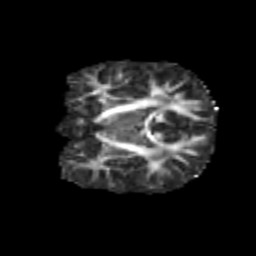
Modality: FA
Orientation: coronal
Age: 7
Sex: male
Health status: healthy
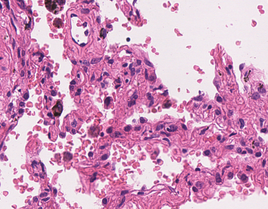
Tumor epithelial tissue: no
Tumor-associated stroma tissue: no
Normal tissue: yes
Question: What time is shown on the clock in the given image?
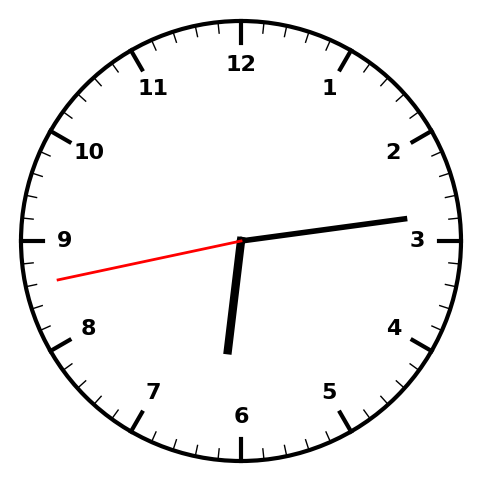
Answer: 06:13:43
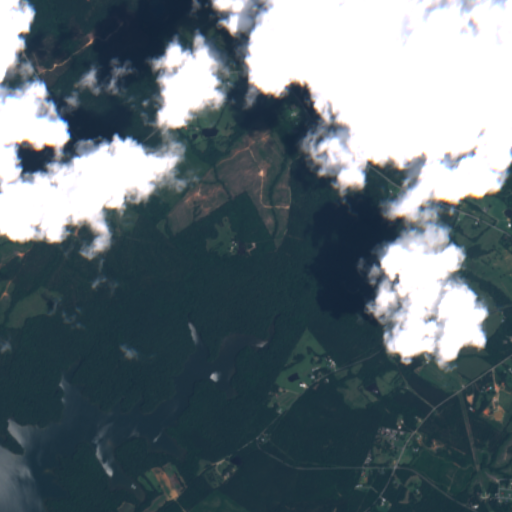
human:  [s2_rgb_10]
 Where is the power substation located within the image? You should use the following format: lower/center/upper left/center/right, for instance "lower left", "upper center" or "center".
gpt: The power substation is located in the lower right of the image.
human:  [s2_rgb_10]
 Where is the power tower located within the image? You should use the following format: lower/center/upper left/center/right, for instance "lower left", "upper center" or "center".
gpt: The power tower is located in the right of the image.
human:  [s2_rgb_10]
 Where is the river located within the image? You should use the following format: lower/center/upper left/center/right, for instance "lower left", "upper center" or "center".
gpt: The river is located in the left of the image.
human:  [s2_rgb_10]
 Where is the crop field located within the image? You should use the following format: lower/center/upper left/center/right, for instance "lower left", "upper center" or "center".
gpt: There is no crop field in the image.
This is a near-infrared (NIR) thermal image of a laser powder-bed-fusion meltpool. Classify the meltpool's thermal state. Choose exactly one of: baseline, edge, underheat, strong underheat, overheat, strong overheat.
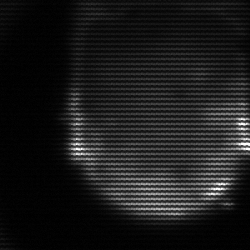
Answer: edge
★ ★ ★ ★
## INSTRUCTIONS FOR THE TASK
Whatever the records hold apart from pictures should be repeated exactly.

## ANSWER SECTION
Modality: FA
Orientation: coronal
Age: 7
Sex: male
Health status: healthy
Tumor epithelial tissue: no
Tumor-associated stroma tissue: no
Normal tissue: yes
Question: What time is shown on the clock in the given image?
Answer: 06:13:43
human:  [s2_rgb_10]
 Where is the power substation located within the image? You should use the following format: lower/center/upper left/center/right, for instance "lower left", "upper center" or "center".
gpt: The power substation is located in the lower right of the image.
human:  [s2_rgb_10]
 Where is the power tower located within the image? You should use the following format: lower/center/upper left/center/right, for instance "lower left", "upper center" or "center".
gpt: The power tower is located in the right of the image.
human:  [s2_rgb_10]
 Where is the river located within the image? You should use the following format: lower/center/upper left/center/right, for instance "lower left", "upper center" or "center".
gpt: The river is located in the left of the image.
human:  [s2_rgb_10]
 Where is the crop field located within the image? You should use the following format: lower/center/upper left/center/right, for instance "lower left", "upper center" or "center".
gpt: There is no crop field in the image.
This is a near-infrared (NIR) thermal image of a laser powder-bed-fusion meltpool. Classify the meltpool's thermal state. Choose exactly one of: baseline, edge, underheat, strong underheat, overheat, strong overheat.
Answer: edge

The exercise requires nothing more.